Шеф – золото! Хотя и не блестит. Бывший летчик – сталинский сокол. Потом ученый. Лауреат какой-то премии. Завлаб и маразматик. Нос сочувствием к подчиненным. Далеко не худший вариант.
Два года назад он всех удивил – женился в четвертый раз. А уже через месяц у шестидесятисемилетнего завлаба появилось прибавление в семействе. Родился ребенок, сын Саша. Странно, но на эту пикантную тему сотрудники нашей лаборатории даже не злословили. Жалели старика. Хотя его четвертую жену, бывшую вдвое моложе детей шефа от первого брака, не любили. Звали ее за глаза лимитчицей. Шептали, что она – «молодуха, старика изловила и в подоле ему принесла» ради московской прописки.

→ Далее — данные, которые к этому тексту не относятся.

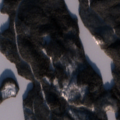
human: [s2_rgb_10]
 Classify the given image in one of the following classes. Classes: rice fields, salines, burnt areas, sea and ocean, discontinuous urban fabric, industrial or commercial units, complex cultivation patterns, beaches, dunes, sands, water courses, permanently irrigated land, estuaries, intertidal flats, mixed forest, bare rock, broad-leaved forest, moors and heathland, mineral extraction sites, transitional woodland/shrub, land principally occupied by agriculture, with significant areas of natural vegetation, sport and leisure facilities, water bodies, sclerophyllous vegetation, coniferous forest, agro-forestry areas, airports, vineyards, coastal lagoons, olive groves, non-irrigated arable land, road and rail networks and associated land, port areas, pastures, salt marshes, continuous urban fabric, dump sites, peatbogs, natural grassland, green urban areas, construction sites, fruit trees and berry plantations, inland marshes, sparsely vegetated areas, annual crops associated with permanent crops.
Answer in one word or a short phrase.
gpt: coniferous forest, water bodies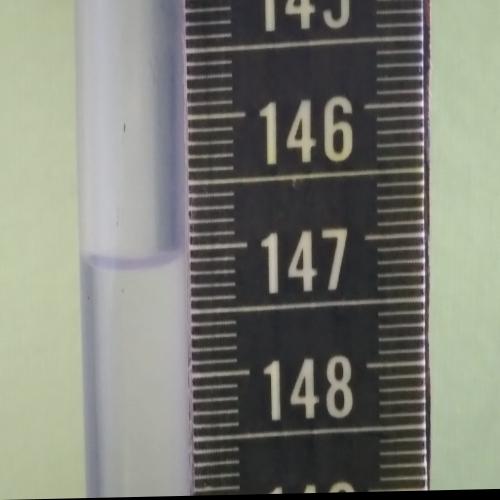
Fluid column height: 147.1 cm

Перед тем как уйти, подошел к Двинской, прошептал:
– У тебя совесть есть? Все уже обговорили тысячу раз. А ты опять за свое! Зачем ты меня при всех позоришь?
– Мне противно, когда ты врешь.
– Я не вру, ты же знаешь, что без уроков я на мои деньги ноги протяну.
– Знаю я твои уроки. Ты их мне достаточно… надавал.
– Могу еще дать. Погоди, квартира освободится. Тогда серьезно поговорим. Или, может быть, у тебя встретимся? С мужем любимым меня познакомишь. С мамой.
Заткнулась. Язвит, шипит как змея, а когда прижмешь ей хвост, теряется, слабеет. За это она мне тогда, четыре года назад и понравилась. И с тех пор тянется эта канитель. Давно уже прекратить пора. Тряпка.
Вышел из института. Решил пешком до Ленинских гор дойти. Вдоль ограды. До самой Смотровой Площадки. А оттуда на семерке до Спартака десять минут. Как раз успею.
Плохо, что снег на пешеходной дорожке не чистят. По щиколотку. Залезает в бутсы. Ноги промочу. Завтра будут сопли. Черт с ним. Так приятно по холодку пройтись. Уже одно отсутствие коллег веселит сердце как шампанское. Каждый день одни и те же надоевшие лица. Не институт, а казарма.
И не темно еще – хочется на свет посмотреть. А то – уходишь на работу, света еще нет, приезжаешь домой – уже темно. А в лаборатории и свет в окнах не радует, такая у нас царит казенщина. Огонь присно палящий и тьма несветимыя.
Да и с самим собой поболтать приятно. Хорошо думается на прогулке. Идешь и как будто из окошка поезда на мир смотришь.
Так о чем поговорим? Конечно о ней! С самим собой? С кем же еще об этом говорить? С женой? Даже с матерью нельзя. Начнет сразу шилом колоть.
– Я тебя предупреждала! Женатые все смурные. Если женился, не порти жене жизнь. У тебя ребенок.
А сама этого ребенка видеть не желает!
– Не лезь к чужим бабам в постель!
Да не лезу, рад бы, да не лезу. Где это в Москве можно найти постель? Это вам не Чикаго (там на всех углах постели с чужими женами). Тут Москва. Холод и лед. Даже на лавочку не сядешь – зад примерзнет.